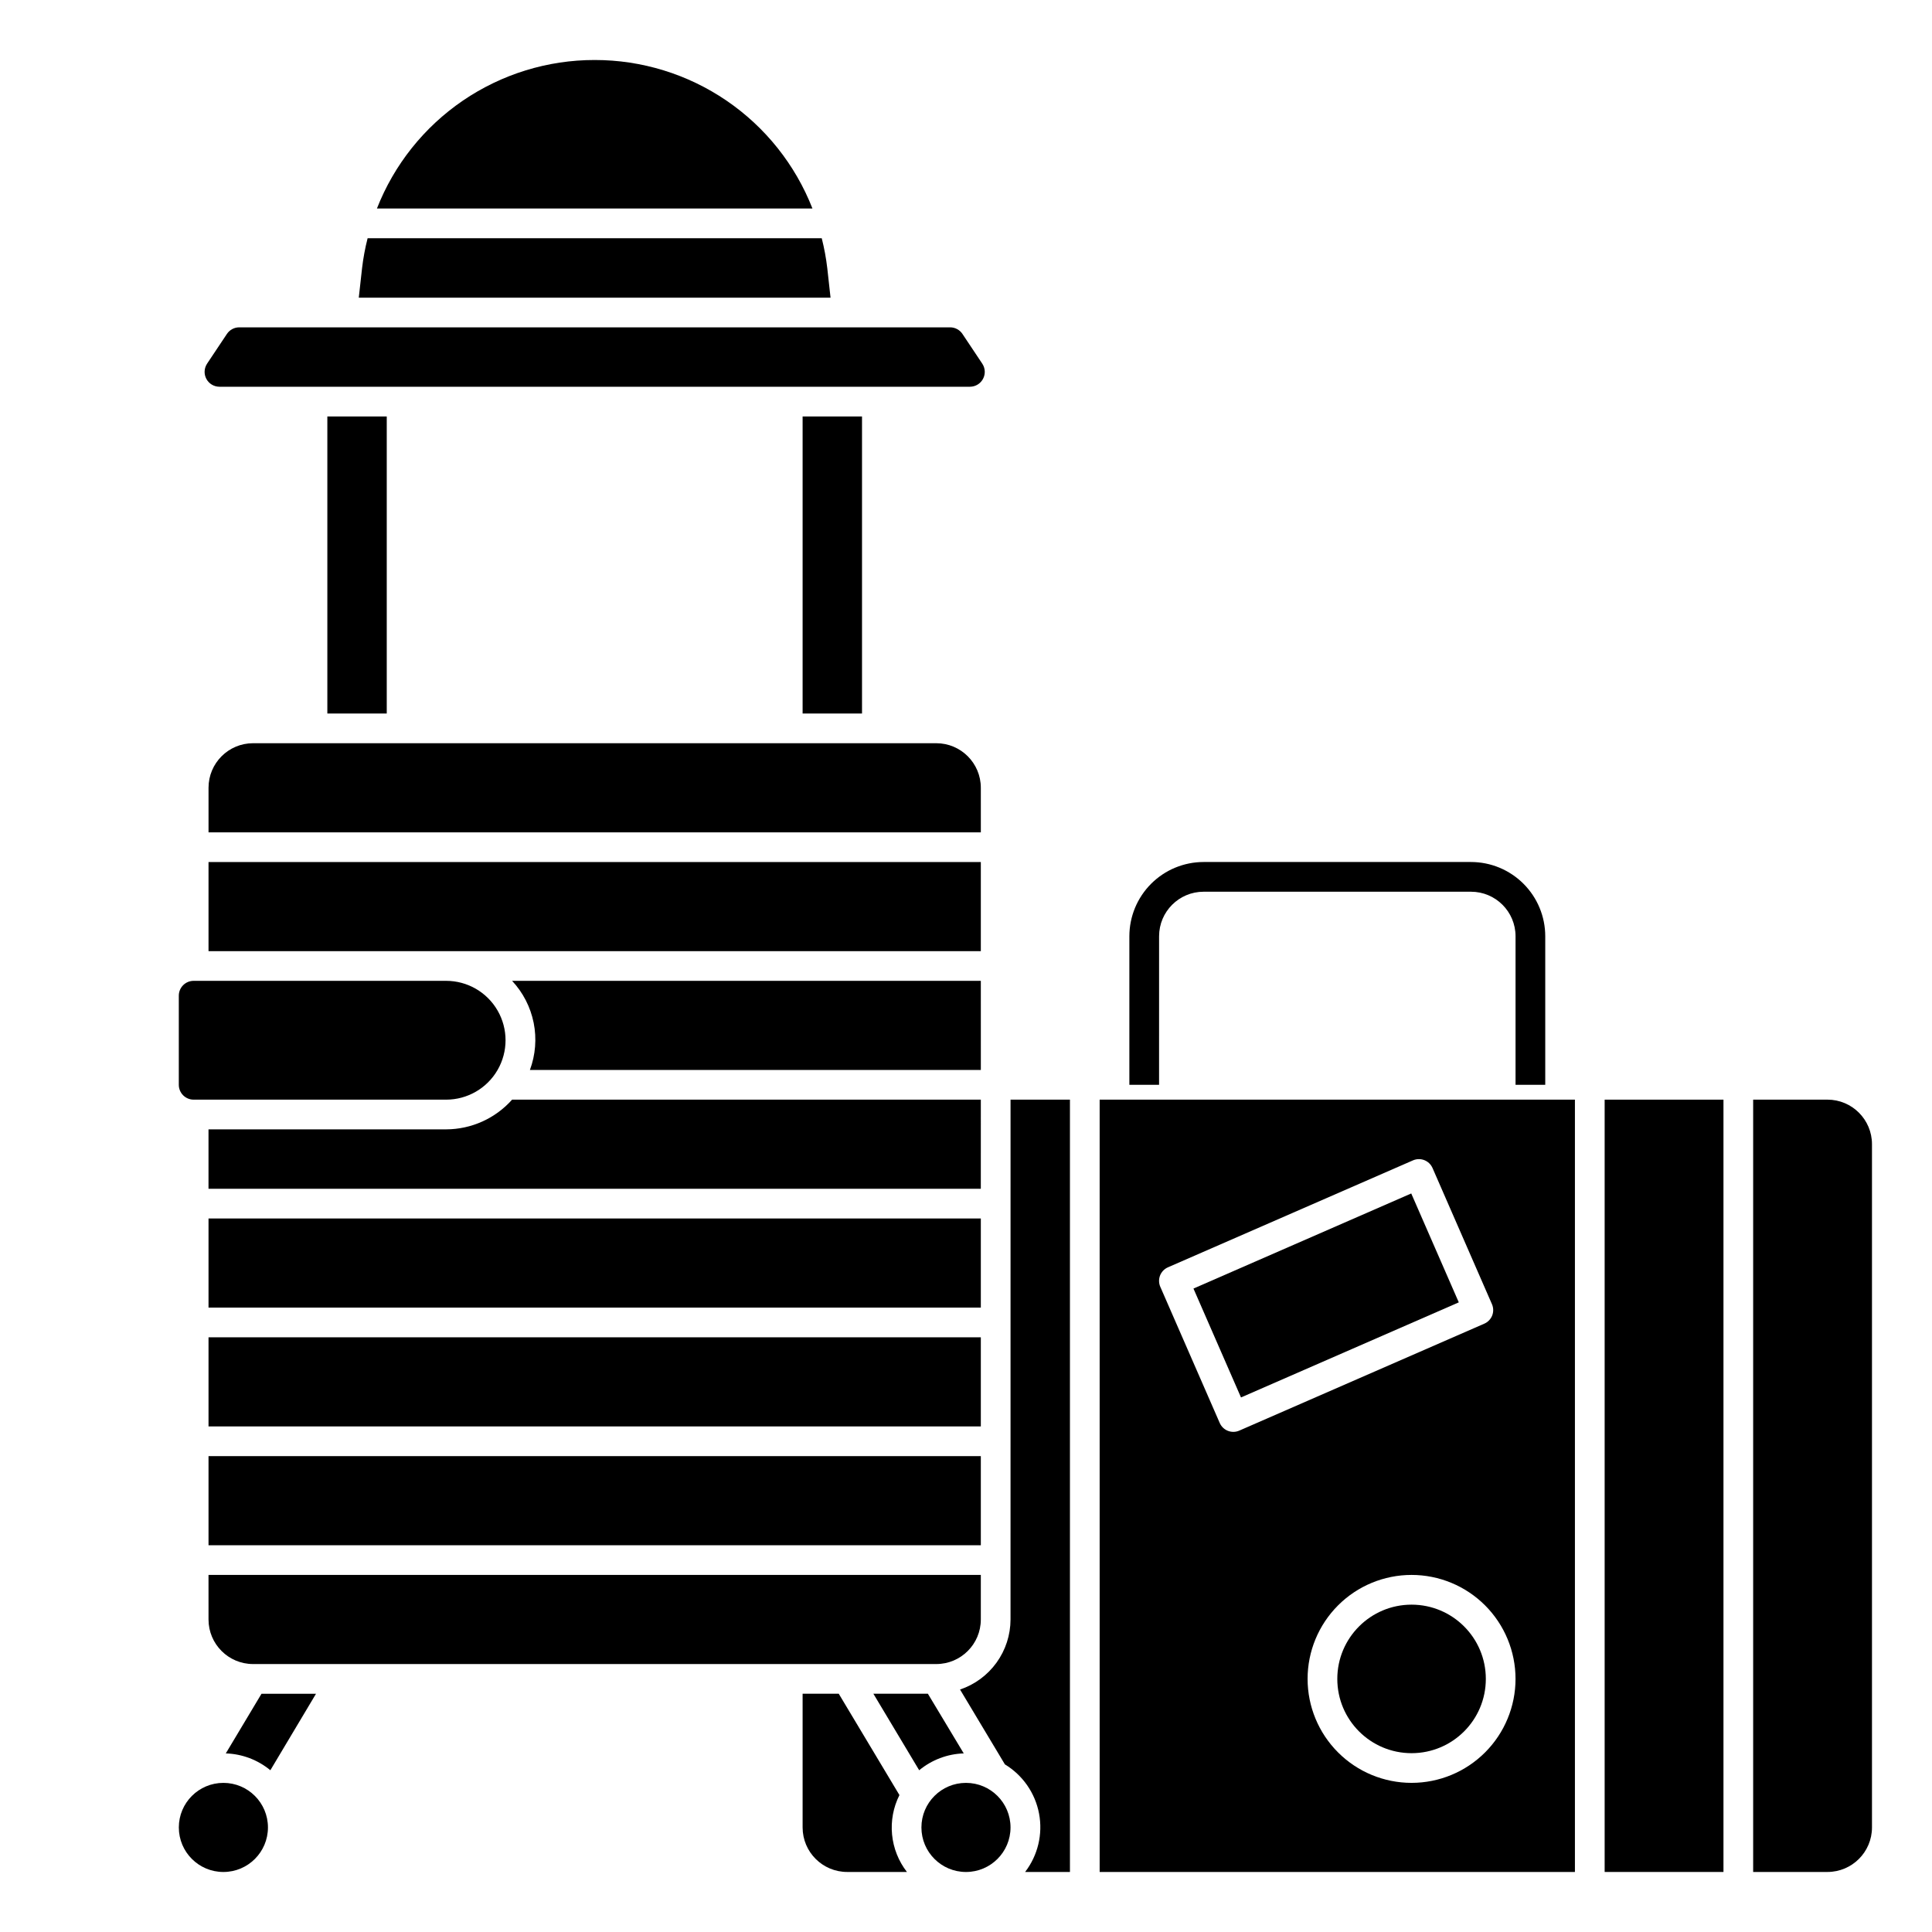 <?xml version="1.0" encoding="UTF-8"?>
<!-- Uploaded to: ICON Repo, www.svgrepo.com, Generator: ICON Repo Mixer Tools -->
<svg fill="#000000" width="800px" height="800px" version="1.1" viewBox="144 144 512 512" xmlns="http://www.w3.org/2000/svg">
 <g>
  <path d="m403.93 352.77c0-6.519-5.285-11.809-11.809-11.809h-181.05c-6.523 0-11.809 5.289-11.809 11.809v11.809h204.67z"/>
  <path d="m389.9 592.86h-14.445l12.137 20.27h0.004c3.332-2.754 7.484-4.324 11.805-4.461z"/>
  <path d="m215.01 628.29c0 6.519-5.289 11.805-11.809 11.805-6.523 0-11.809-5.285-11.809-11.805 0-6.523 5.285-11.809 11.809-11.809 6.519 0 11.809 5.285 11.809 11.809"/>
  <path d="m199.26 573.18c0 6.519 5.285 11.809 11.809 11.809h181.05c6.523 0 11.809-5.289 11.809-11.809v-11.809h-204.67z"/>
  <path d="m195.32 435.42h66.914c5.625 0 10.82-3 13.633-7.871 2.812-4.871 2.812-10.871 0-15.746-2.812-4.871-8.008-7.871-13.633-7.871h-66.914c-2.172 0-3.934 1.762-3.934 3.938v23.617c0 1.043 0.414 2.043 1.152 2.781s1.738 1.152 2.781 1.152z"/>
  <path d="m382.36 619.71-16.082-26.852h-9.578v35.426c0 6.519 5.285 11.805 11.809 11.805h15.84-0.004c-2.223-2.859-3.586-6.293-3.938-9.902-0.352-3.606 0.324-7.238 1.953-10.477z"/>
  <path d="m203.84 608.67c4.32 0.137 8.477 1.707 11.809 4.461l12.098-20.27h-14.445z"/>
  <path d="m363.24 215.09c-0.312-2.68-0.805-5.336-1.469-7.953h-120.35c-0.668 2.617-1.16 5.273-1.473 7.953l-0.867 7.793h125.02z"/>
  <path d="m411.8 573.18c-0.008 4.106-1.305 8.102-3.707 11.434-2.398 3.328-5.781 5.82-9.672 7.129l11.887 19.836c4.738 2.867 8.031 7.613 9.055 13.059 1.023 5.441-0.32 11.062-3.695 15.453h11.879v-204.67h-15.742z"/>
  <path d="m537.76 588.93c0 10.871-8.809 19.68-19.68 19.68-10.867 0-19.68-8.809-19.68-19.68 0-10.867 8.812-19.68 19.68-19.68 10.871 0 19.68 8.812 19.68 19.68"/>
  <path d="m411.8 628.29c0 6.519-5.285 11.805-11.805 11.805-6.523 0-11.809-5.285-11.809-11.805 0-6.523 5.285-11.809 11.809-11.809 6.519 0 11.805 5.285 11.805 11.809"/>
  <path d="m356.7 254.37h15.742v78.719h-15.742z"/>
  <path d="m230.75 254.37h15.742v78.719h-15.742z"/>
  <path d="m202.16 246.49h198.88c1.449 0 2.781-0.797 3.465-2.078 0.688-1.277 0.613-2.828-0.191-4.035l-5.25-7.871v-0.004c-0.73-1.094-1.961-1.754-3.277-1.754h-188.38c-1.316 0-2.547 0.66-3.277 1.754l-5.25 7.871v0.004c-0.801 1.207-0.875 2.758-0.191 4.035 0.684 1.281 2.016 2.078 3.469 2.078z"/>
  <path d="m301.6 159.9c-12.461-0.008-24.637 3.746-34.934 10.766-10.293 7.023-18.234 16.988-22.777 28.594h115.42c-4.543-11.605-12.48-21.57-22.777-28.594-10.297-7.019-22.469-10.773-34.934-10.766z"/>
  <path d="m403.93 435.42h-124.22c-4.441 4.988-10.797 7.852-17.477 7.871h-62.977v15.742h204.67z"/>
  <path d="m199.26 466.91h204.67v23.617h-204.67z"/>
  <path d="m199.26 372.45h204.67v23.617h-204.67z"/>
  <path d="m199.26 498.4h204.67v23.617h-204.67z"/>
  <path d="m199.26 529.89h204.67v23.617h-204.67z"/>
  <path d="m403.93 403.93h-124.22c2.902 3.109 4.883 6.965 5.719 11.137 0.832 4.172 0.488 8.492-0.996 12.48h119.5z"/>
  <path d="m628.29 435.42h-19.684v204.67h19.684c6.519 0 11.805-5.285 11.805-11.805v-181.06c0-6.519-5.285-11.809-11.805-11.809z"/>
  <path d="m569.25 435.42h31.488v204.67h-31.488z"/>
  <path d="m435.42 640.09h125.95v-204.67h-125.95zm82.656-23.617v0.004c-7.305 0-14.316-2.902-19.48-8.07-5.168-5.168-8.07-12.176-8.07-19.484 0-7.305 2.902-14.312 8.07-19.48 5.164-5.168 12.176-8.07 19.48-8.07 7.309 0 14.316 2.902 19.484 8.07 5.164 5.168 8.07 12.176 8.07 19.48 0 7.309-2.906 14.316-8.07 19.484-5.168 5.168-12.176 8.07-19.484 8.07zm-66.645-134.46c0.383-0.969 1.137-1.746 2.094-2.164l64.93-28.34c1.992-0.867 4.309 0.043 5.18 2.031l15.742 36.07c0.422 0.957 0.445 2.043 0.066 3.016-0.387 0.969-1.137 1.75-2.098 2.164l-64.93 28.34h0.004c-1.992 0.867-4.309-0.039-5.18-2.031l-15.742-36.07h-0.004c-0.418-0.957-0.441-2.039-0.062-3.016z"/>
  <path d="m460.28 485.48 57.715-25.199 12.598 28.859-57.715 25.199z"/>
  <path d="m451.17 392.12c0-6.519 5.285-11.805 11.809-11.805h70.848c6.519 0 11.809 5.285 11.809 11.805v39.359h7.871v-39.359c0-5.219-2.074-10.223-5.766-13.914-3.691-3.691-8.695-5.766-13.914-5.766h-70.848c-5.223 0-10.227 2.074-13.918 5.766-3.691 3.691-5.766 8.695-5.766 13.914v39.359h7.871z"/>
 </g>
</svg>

▶ _WORK TO BE COMPLETED_: Write every record out again exactly as written. Pictures don't belong in the copy.

▶ _ANSWER TO THIS TASK_:
 <?xml version="1.0" encoding="UTF-8"?>
<!-- Uploaded to: ICON Repo, www.svgrepo.com, Generator: ICON Repo Mixer Tools -->
<svg fill="#000000" width="800px" height="800px" version="1.1" viewBox="144 144 512 512" xmlns="http://www.w3.org/2000/svg">
 <g>
  <path d="m403.93 352.77c0-6.519-5.285-11.809-11.809-11.809h-181.05c-6.523 0-11.809 5.289-11.809 11.809v11.809h204.67z"/>
  <path d="m389.9 592.86h-14.445l12.137 20.27h0.004c3.332-2.754 7.484-4.324 11.805-4.461z"/>
  <path d="m215.01 628.29c0 6.519-5.289 11.805-11.809 11.805-6.523 0-11.809-5.285-11.809-11.805 0-6.523 5.285-11.809 11.809-11.809 6.519 0 11.809 5.285 11.809 11.809"/>
  <path d="m199.26 573.18c0 6.519 5.285 11.809 11.809 11.809h181.05c6.523 0 11.809-5.289 11.809-11.809v-11.809h-204.67z"/>
  <path d="m195.32 435.42h66.914c5.625 0 10.82-3 13.633-7.871 2.812-4.871 2.812-10.871 0-15.746-2.812-4.871-8.008-7.871-13.633-7.871h-66.914c-2.172 0-3.934 1.762-3.934 3.938v23.617c0 1.043 0.414 2.043 1.152 2.781s1.738 1.152 2.781 1.152z"/>
  <path d="m382.36 619.71-16.082-26.852h-9.578v35.426c0 6.519 5.285 11.805 11.809 11.805h15.84-0.004c-2.223-2.859-3.586-6.293-3.938-9.902-0.352-3.606 0.324-7.238 1.953-10.477z"/>
  <path d="m203.84 608.67c4.32 0.137 8.477 1.707 11.809 4.461l12.098-20.27h-14.445z"/>
  <path d="m363.24 215.09c-0.312-2.68-0.805-5.336-1.469-7.953h-120.35c-0.668 2.617-1.16 5.273-1.473 7.953l-0.867 7.793h125.02z"/>
  <path d="m411.8 573.18c-0.008 4.106-1.305 8.102-3.707 11.434-2.398 3.328-5.781 5.82-9.672 7.129l11.887 19.836c4.738 2.867 8.031 7.613 9.055 13.059 1.023 5.441-0.32 11.062-3.695 15.453h11.879v-204.67h-15.742z"/>
  <path d="m537.76 588.93c0 10.871-8.809 19.68-19.68 19.68-10.867 0-19.68-8.809-19.68-19.68 0-10.867 8.812-19.68 19.68-19.68 10.871 0 19.68 8.812 19.68 19.68"/>
  <path d="m411.8 628.29c0 6.519-5.285 11.805-11.805 11.805-6.523 0-11.809-5.285-11.809-11.805 0-6.523 5.285-11.809 11.809-11.809 6.519 0 11.805 5.285 11.805 11.809"/>
  <path d="m356.7 254.37h15.742v78.719h-15.742z"/>
  <path d="m230.75 254.37h15.742v78.719h-15.742z"/>
  <path d="m202.16 246.49h198.88c1.449 0 2.781-0.797 3.465-2.078 0.688-1.277 0.613-2.828-0.191-4.035l-5.25-7.871v-0.004c-0.73-1.094-1.961-1.754-3.277-1.754h-188.38c-1.316 0-2.547 0.66-3.277 1.754l-5.25 7.871v0.004c-0.801 1.207-0.875 2.758-0.191 4.035 0.684 1.281 2.016 2.078 3.469 2.078z"/>
  <path d="m301.6 159.9c-12.461-0.008-24.637 3.746-34.934 10.766-10.293 7.023-18.234 16.988-22.777 28.594h115.42c-4.543-11.605-12.48-21.57-22.777-28.594-10.297-7.019-22.469-10.773-34.934-10.766z"/>
  <path d="m403.93 435.42h-124.22c-4.441 4.988-10.797 7.852-17.477 7.871h-62.977v15.742h204.67z"/>
  <path d="m199.26 466.91h204.67v23.617h-204.67z"/>
  <path d="m199.26 372.45h204.67v23.617h-204.67z"/>
  <path d="m199.26 498.4h204.67v23.617h-204.67z"/>
  <path d="m199.26 529.89h204.67v23.617h-204.67z"/>
  <path d="m403.93 403.93h-124.22c2.902 3.109 4.883 6.965 5.719 11.137 0.832 4.172 0.488 8.492-0.996 12.48h119.5z"/>
  <path d="m628.29 435.42h-19.684v204.67h19.684c6.519 0 11.805-5.285 11.805-11.805v-181.06c0-6.519-5.285-11.809-11.805-11.809z"/>
  <path d="m569.25 435.42h31.488v204.67h-31.488z"/>
  <path d="m435.42 640.09h125.95v-204.67h-125.95zm82.656-23.617v0.004c-7.305 0-14.316-2.902-19.48-8.07-5.168-5.168-8.07-12.176-8.07-19.484 0-7.305 2.902-14.312 8.07-19.48 5.164-5.168 12.176-8.07 19.48-8.07 7.309 0 14.316 2.902 19.484 8.07 5.164 5.168 8.07 12.176 8.07 19.48 0 7.309-2.906 14.316-8.07 19.484-5.168 5.168-12.176 8.07-19.484 8.07zm-66.645-134.46c0.383-0.969 1.137-1.746 2.094-2.164l64.93-28.34c1.992-0.867 4.309 0.043 5.18 2.031l15.742 36.07c0.422 0.957 0.445 2.043 0.066 3.016-0.387 0.969-1.137 1.75-2.098 2.164l-64.93 28.34h0.004c-1.992 0.867-4.309-0.039-5.18-2.031l-15.742-36.07h-0.004c-0.418-0.957-0.441-2.039-0.062-3.016z"/>
  <path d="m460.28 485.48 57.715-25.199 12.598 28.859-57.715 25.199z"/>
  <path d="m451.17 392.12c0-6.519 5.285-11.805 11.809-11.805h70.848c6.519 0 11.809 5.285 11.809 11.805v39.359h7.871v-39.359c0-5.219-2.074-10.223-5.766-13.914-3.691-3.691-8.695-5.766-13.914-5.766h-70.848c-5.223 0-10.227 2.074-13.918 5.766-3.691 3.691-5.766 8.695-5.766 13.914v39.359h7.871z"/>
 </g>
</svg>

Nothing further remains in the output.